(What you have to do): Return the records that follow unaltered. Omit every picture.

-------- Entries supplied

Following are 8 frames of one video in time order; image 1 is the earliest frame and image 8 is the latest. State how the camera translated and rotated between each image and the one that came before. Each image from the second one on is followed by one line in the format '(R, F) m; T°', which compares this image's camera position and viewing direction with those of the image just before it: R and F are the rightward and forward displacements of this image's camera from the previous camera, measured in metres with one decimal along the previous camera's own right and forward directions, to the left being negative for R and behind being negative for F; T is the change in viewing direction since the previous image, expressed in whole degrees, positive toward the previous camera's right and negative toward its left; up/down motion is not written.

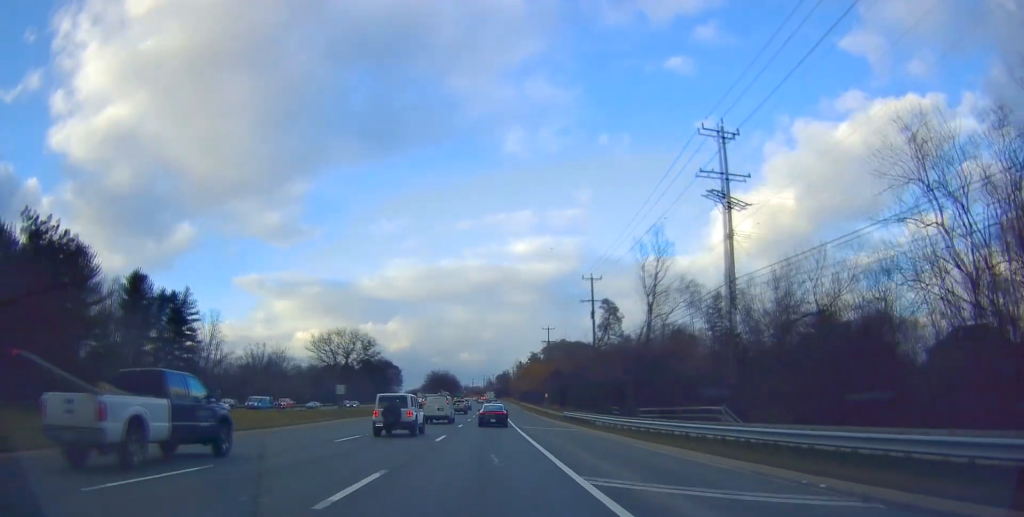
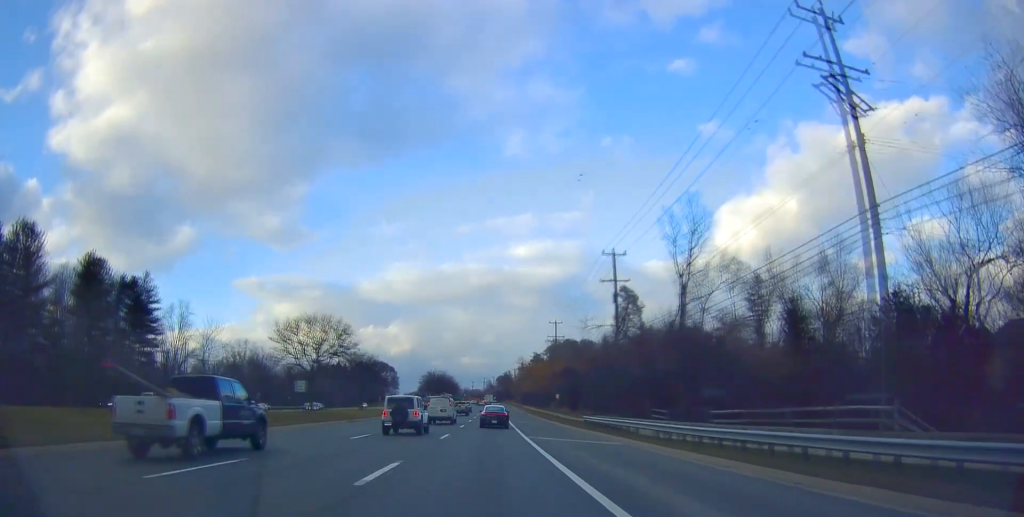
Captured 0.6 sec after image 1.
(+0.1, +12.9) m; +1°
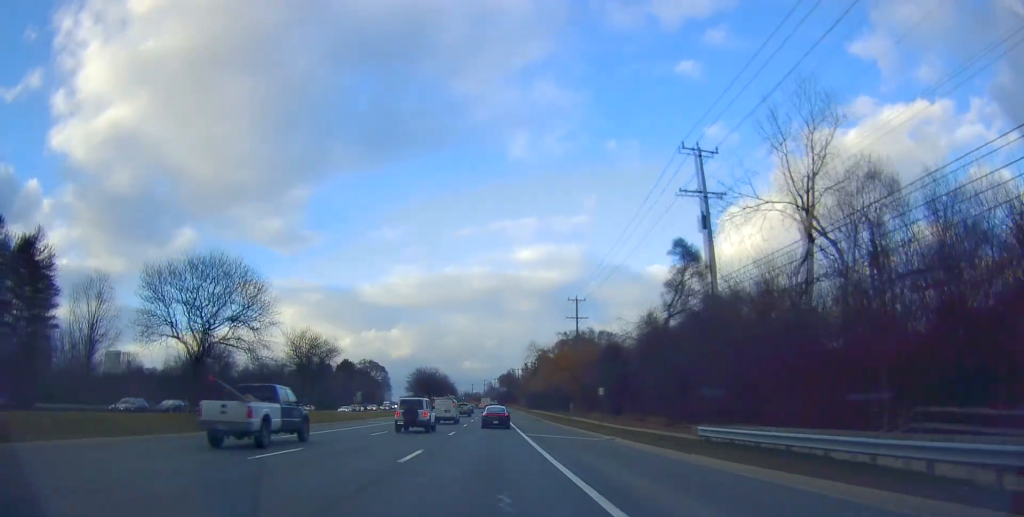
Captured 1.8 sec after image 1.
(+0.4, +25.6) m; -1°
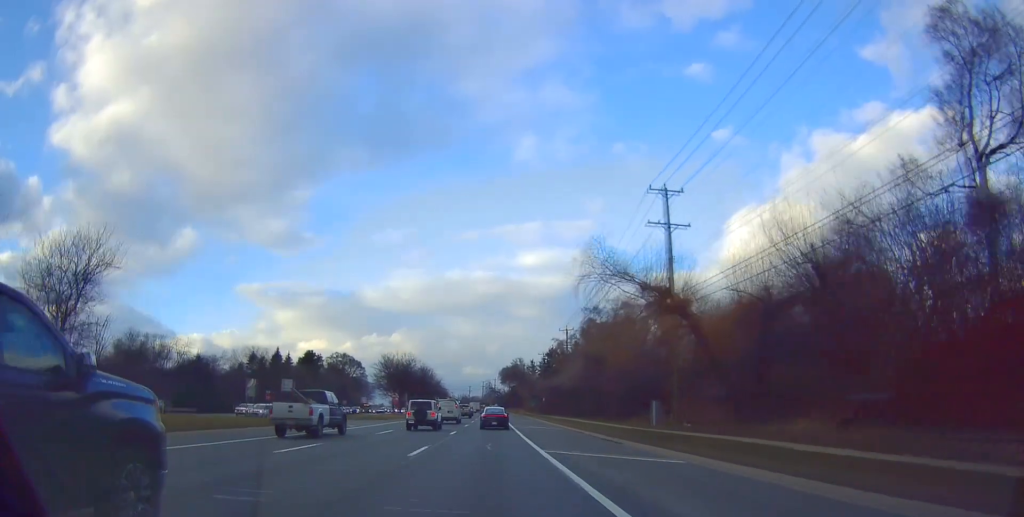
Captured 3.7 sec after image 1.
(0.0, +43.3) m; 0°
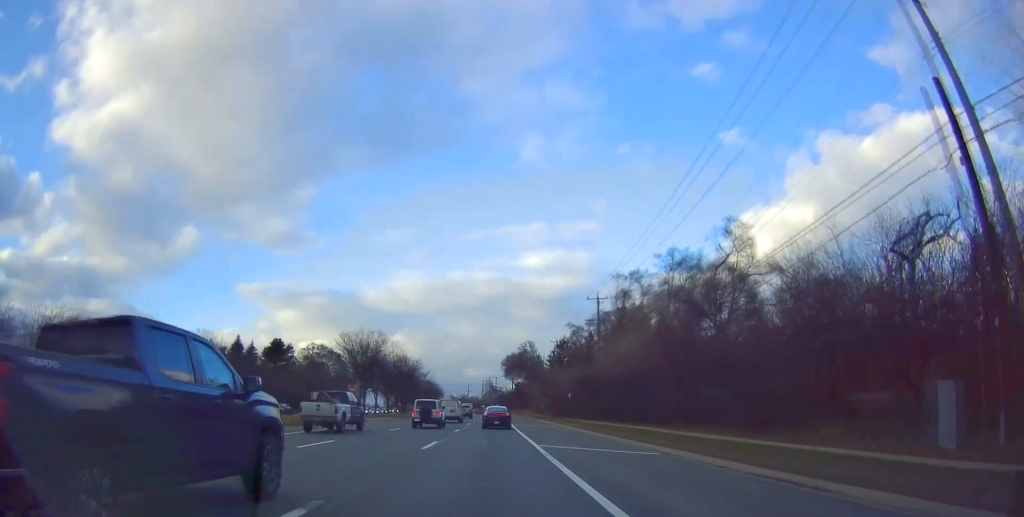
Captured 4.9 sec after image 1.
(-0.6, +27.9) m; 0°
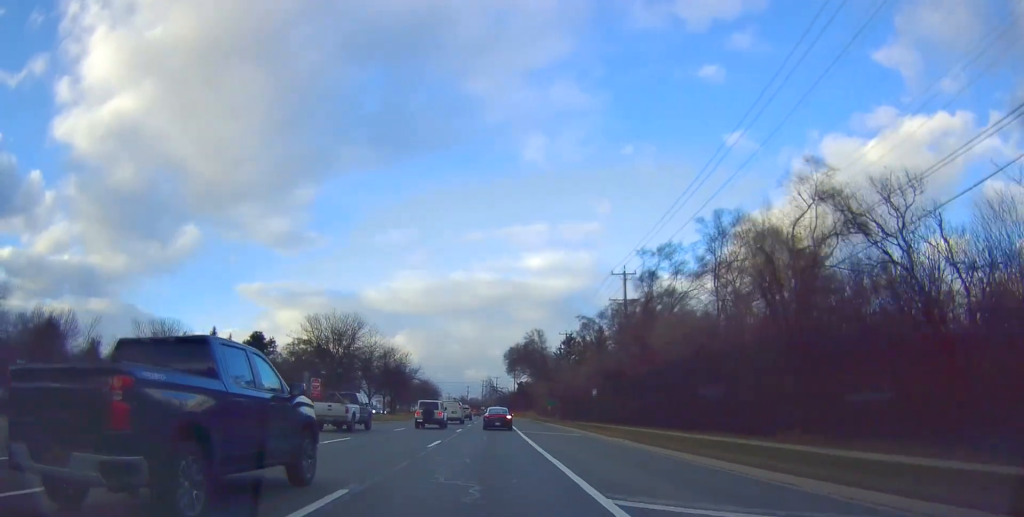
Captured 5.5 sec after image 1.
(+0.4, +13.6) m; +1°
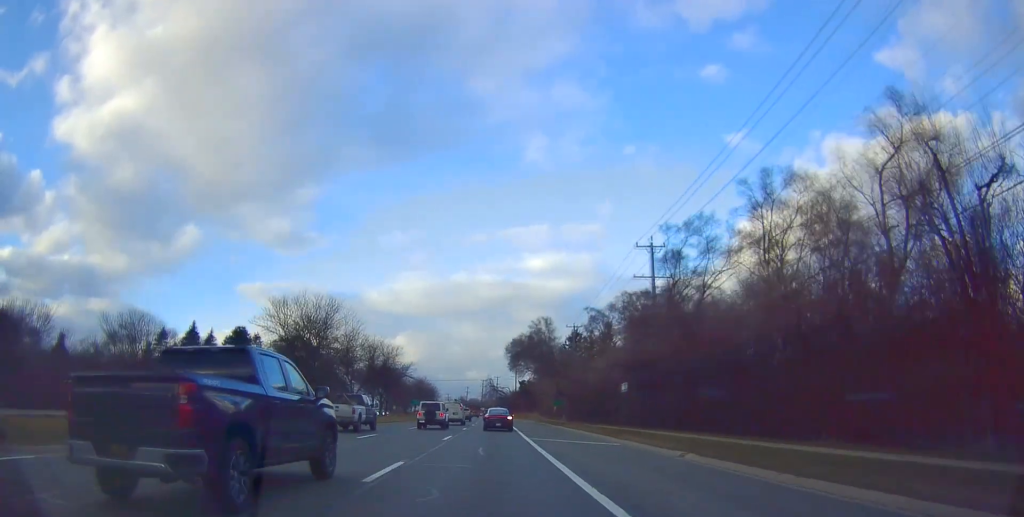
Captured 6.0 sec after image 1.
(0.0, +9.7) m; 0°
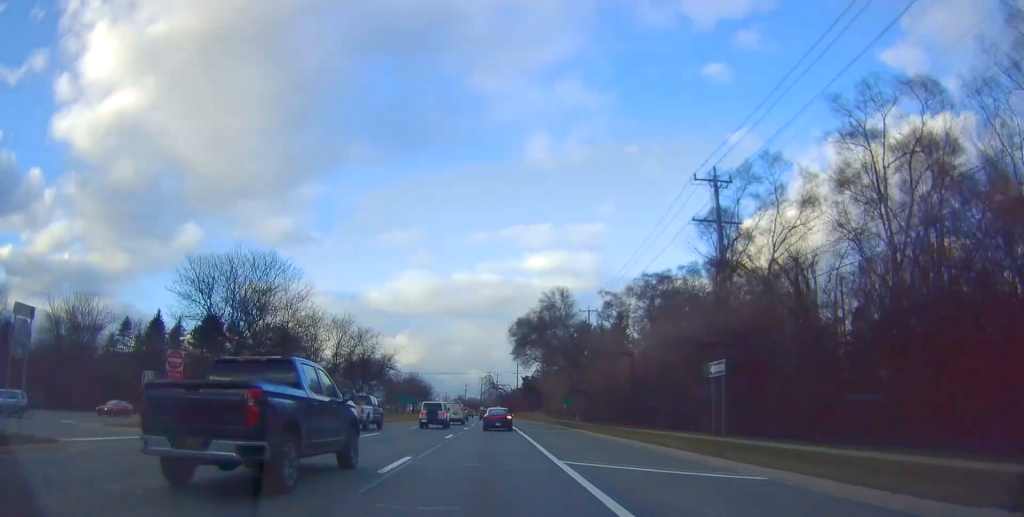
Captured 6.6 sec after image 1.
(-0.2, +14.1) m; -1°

----------------

(Written reply):
Following are 8 frames of one video in time order; image 1 is the earliest frame and image 8 is the latest. State how the camera translated and rotated between each image and the one that came before. Each image from the second one on is followed by one line in the format '(R, F) m; T°', which compares this image's camera position and viewing direction with those of the image just before it: R and F are the rightward and forward displacements of this image's camera from the previous camera, measured in metres with one decimal along the previous camera's own right and forward directions, to the left being negative for R and behind being negative for F; T is the change in viewing direction since the previous image, expressed in whole degrees, positive toward the previous camera's right and negative toward its left; up/down motion is not written.

Captured 0.6 sec after image 1.
(+0.1, +12.9) m; +1°
Captured 1.8 sec after image 1.
(+0.4, +25.6) m; -1°
Captured 3.7 sec after image 1.
(0.0, +43.3) m; 0°
Captured 4.9 sec after image 1.
(-0.6, +27.9) m; 0°
Captured 5.5 sec after image 1.
(+0.4, +13.6) m; +1°
Captured 6.0 sec after image 1.
(0.0, +9.7) m; 0°
Captured 6.6 sec after image 1.
(-0.2, +14.1) m; -1°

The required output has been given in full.